La Fiscalía General revisará los casos que terminan mal para afinar la puntería en las acusaciones
Guillermo Baigorrí puso en marcha un registro para estudiar las causas en las que el Ministerio Público no logra un fallo favorable. La idea es detectar errores, ordenar criterios y mejorar la estrategia de los fiscales.
Con la mira puesta en mejorar el trabajo fiscal, la Fiscalía General va a poner bajo la lupa cada causa en la que el Ministerio Público no consiga un resultado favorable ante la Justicia. La decisión fue impulsada por Guillermo Baigorrí, que ordenó armar una base de datos para seguir de cerca los expedientes que terminan en contra, ya sea en la primera instancia o en apelación. La movida busca revisar qué falló y convertir esos tropiezos en una enseñanza concreta para adelante.
La idea es detectar dónde se traban los casos: desde la prueba que no alcanza, pasando por interpretaciones jurídicas discutibles, hasta la estrategia de litigación que no termina de convencer. En la resolución firmada a mediados de mayo, los fiscales de Impugnación tendrán un papel clave, porque deberán informar cada legajo en el que intervengan y cuyo desenlace sea contrario a la postura del Ministerio Público. Además, tendrán que elaborar un análisis sobre qué factores llevaron a ese revés judicial.
Desde Fiscalía General aclararon que no se trata de apelar por apelar, sino de presentar recursos con verdadero sustento. La intención es evitar planteos flojos de papeles que después se caen solos y terminan sumando ruido al sistema. Con esta reorganización, los fiscales de segunda instancia también ganan más peso, algo que ya venía marcando Baigorrí desde que tomó el mando del organismo.

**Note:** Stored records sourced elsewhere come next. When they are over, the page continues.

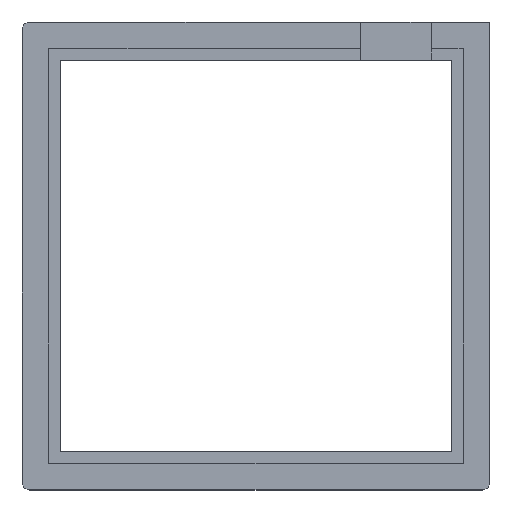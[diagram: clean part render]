
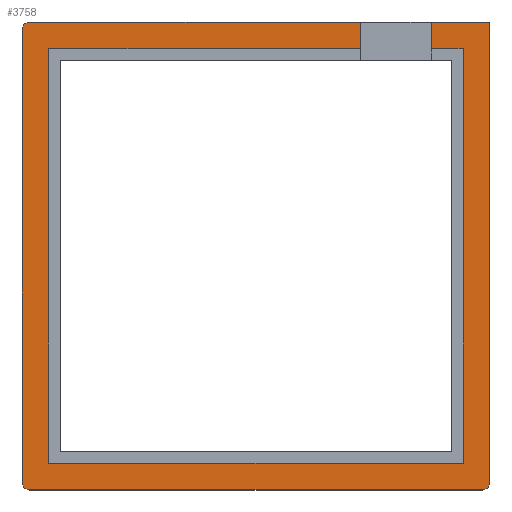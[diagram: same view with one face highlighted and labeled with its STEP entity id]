
A CAD part, top view. The second image highlights one B-rep face of the part: STEP entity #3758.
In plain terms, the highlighted planar face has unit normal (0, 0, 1).
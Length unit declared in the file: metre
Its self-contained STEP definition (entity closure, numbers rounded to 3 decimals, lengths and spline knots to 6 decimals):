
#126=CIRCLE('',#4005,0.002);
#127=CIRCLE('',#4006,0.002);
#128=CIRCLE('',#4007,0.002);
#473=ORIENTED_EDGE('',*,*,#1605,.F.);
#474=ORIENTED_EDGE('',*,*,#1623,.T.);
#475=ORIENTED_EDGE('',*,*,#1500,.T.);
#476=ORIENTED_EDGE('',*,*,#1624,.T.);
#477=ORIENTED_EDGE('',*,*,#1622,.T.);
#478=ORIENTED_EDGE('',*,*,#1625,.T.);
#479=ORIENTED_EDGE('',*,*,#1612,.F.);
#480=ORIENTED_EDGE('',*,*,#1609,.F.);
#481=ORIENTED_EDGE('',*,*,#1626,.T.);
#482=ORIENTED_EDGE('',*,*,#1602,.T.);
#483=ORIENTED_EDGE('',*,*,#1627,.T.);
#484=ORIENTED_EDGE('',*,*,#1628,.F.);
#485=ORIENTED_EDGE('',*,*,#1629,.F.);
#486=ORIENTED_EDGE('',*,*,#1630,.T.);
#487=ORIENTED_EDGE('',*,*,#1631,.F.);
#1500=EDGE_CURVE('',#2073,#2076,#2430,.T.);
#1602=EDGE_CURVE('',#2175,#2177,#2483,.T.);
#1605=EDGE_CURVE('',#2180,#2181,#2486,.T.);
#1609=EDGE_CURVE('',#2184,#2185,#2490,.T.);
#1612=EDGE_CURVE('',#2185,#2187,#2493,.T.);
#1622=EDGE_CURVE('',#2193,#2196,#2502,.T.);
#1623=EDGE_CURVE('',#2180,#2073,#126,.T.);
#1624=EDGE_CURVE('',#2076,#2193,#127,.T.);
#1625=EDGE_CURVE('',#2196,#2187,#128,.T.);
#1626=EDGE_CURVE('',#2184,#2175,#2503,.T.);
#1627=EDGE_CURVE('',#2177,#2197,#2504,.T.);
#1628=EDGE_CURVE('',#2198,#2197,#2505,.T.);
#1629=EDGE_CURVE('',#2199,#2198,#2506,.T.);
#1630=EDGE_CURVE('',#2199,#2200,#2507,.T.);
#1631=EDGE_CURVE('',#2181,#2200,#2508,.T.);
#2073=VERTEX_POINT('',#5159);
#2076=VERTEX_POINT('',#5164);
#2175=VERTEX_POINT('',#5438);
#2177=VERTEX_POINT('',#5442);
#2180=VERTEX_POINT('',#5449);
#2181=VERTEX_POINT('',#5451);
#2184=VERTEX_POINT('',#5457);
#2185=VERTEX_POINT('',#5459);
#2187=VERTEX_POINT('',#5465);
#2193=VERTEX_POINT('',#5479);
#2196=VERTEX_POINT('',#5484);
#2197=VERTEX_POINT('',#5492);
#2198=VERTEX_POINT('',#5494);
#2199=VERTEX_POINT('',#5496);
#2200=VERTEX_POINT('',#5498);
#2430=LINE('',#5165,#2830);
#2483=LINE('',#5443,#2883);
#2486=LINE('',#5450,#2886);
#2490=LINE('',#5458,#2890);
#2493=LINE('',#5464,#2893);
#2502=LINE('',#5485,#2902);
#2503=LINE('',#5490,#2903);
#2504=LINE('',#5491,#2904);
#2505=LINE('',#5493,#2905);
#2506=LINE('',#5495,#2906);
#2507=LINE('',#5497,#2907);
#2508=LINE('',#5499,#2908);
#2830=VECTOR('',#4244,1.);
#2883=VECTOR('',#4329,1.);
#2886=VECTOR('',#4334,1.);
#2890=VECTOR('',#4338,1.);
#2893=VECTOR('',#4343,1.);
#2902=VECTOR('',#4356,1.);
#2903=VECTOR('',#4365,1.);
#2904=VECTOR('',#4366,1.);
#2905=VECTOR('',#4367,1.);
#2906=VECTOR('',#4368,1.);
#2907=VECTOR('',#4369,1.);
#2908=VECTOR('',#4370,1.);
#3208=EDGE_LOOP('',(#473,#474,#475,#476,#477,#478,#479,#480,#481,#482,#483,
#484,#485,#486,#487));
#3430=FACE_BOUND('',#3208,.T.);
#3639=PLANE('',#4004);
#3758=ADVANCED_FACE('',(#3430),#3639,.T.);
#4004=AXIS2_PLACEMENT_3D('',#5486,#4357,#4358);
#4005=AXIS2_PLACEMENT_3D('',#5487,#4359,#4360);
#4006=AXIS2_PLACEMENT_3D('',#5488,#4361,#4362);
#4007=AXIS2_PLACEMENT_3D('',#5489,#4363,#4364);
#4244=DIRECTION('',(0.,-1.,0.));
#4329=DIRECTION('',(1.,0.,0.));
#4334=DIRECTION('',(1.,0.,0.));
#4338=DIRECTION('',(1.,0.,0.));
#4343=DIRECTION('',(0.,-1.,0.));
#4356=DIRECTION('',(1.,0.,0.));
#4357=DIRECTION('',(0.,0.,1.));
#4358=DIRECTION('',(1.,0.,0.));
#4359=DIRECTION('',(0.,0.,1.));
#4360=DIRECTION('',(1.,0.,0.));
#4361=DIRECTION('',(0.,0.,1.));
#4362=DIRECTION('',(1.,0.,0.));
#4363=DIRECTION('',(0.,0.,1.));
#4364=DIRECTION('',(1.,0.,0.));
#4365=DIRECTION('',(0.,-1.,0.));
#4366=DIRECTION('',(0.,-1.,0.));
#4367=DIRECTION('',(1.,0.,0.));
#4368=DIRECTION('',(0.,-1.,0.));
#4369=DIRECTION('',(1.,0.,0.));
#4370=DIRECTION('',(0.,-1.,0.));
#5159=CARTESIAN_POINT('',(-0.061,0.057833,0.0166));
#5164=CARTESIAN_POINT('',(-0.061,-0.060167,0.0166));
#5165=CARTESIAN_POINT('',(-0.061,-0.001167,0.0166));
#5438=CARTESIAN_POINT('',(0.0457,0.052833,0.0166));
#5442=CARTESIAN_POINT('',(0.054,0.052833,0.0166));
#5443=CARTESIAN_POINT('',(0.,0.052833,0.0166));
#5449=CARTESIAN_POINT('',(-0.059,0.059833,0.0166));
#5450=CARTESIAN_POINT('',(0.,0.059833,0.0166));
#5451=CARTESIAN_POINT('',(0.0272,0.059833,0.0166));
#5457=CARTESIAN_POINT('',(0.0457,0.059833,0.0166));
#5458=CARTESIAN_POINT('',(0.,0.059833,0.0166));
#5459=CARTESIAN_POINT('',(0.061,0.059833,0.0166));
#5464=CARTESIAN_POINT('',(0.061,-0.001167,0.0166));
#5465=CARTESIAN_POINT('',(0.061,-0.060167,0.0166));
#5479=CARTESIAN_POINT('',(-0.059,-0.062167,0.0166));
#5484=CARTESIAN_POINT('',(0.059,-0.062167,0.0166));
#5485=CARTESIAN_POINT('',(0.,-0.062167,0.0166));
#5486=CARTESIAN_POINT('',(0.,-0.001167,0.0166));
#5487=CARTESIAN_POINT('',(-0.059,0.057833,0.0166));
#5488=CARTESIAN_POINT('',(-0.059,-0.060167,0.0166));
#5489=CARTESIAN_POINT('',(0.059,-0.060167,0.0166));
#5490=CARTESIAN_POINT('',(0.0457,0.056333,0.0166));
#5491=CARTESIAN_POINT('',(0.054,-0.001167,0.0166));
#5492=CARTESIAN_POINT('',(0.054,-0.055167,0.0166));
#5493=CARTESIAN_POINT('',(0.,-0.055167,0.0166));
#5494=CARTESIAN_POINT('',(-0.054,-0.055167,0.0166));
#5495=CARTESIAN_POINT('',(-0.054,-0.001167,0.0166));
#5496=CARTESIAN_POINT('',(-0.054,0.052833,0.0166));
#5497=CARTESIAN_POINT('',(0.,0.052833,0.0166));
#5498=CARTESIAN_POINT('',(0.0272,0.052833,0.0166));
#5499=CARTESIAN_POINT('',(0.0272,0.056333,0.0166));

En ese esquema, los representantes de Impugnación no solo sostienen las apelaciones, sino que además cumplen una función de evaluación y asesoramiento técnico. El objetivo de fondo es claro: encontrar fallas repetidas, revisar los criterios que usan tanto los fiscales como el Tribunal de Impugnación y empujar una línea de trabajo más pareja entre las distintas unidades. En otras palabras, que cada caso llegue mejor armado y con más chances de salir bien parado.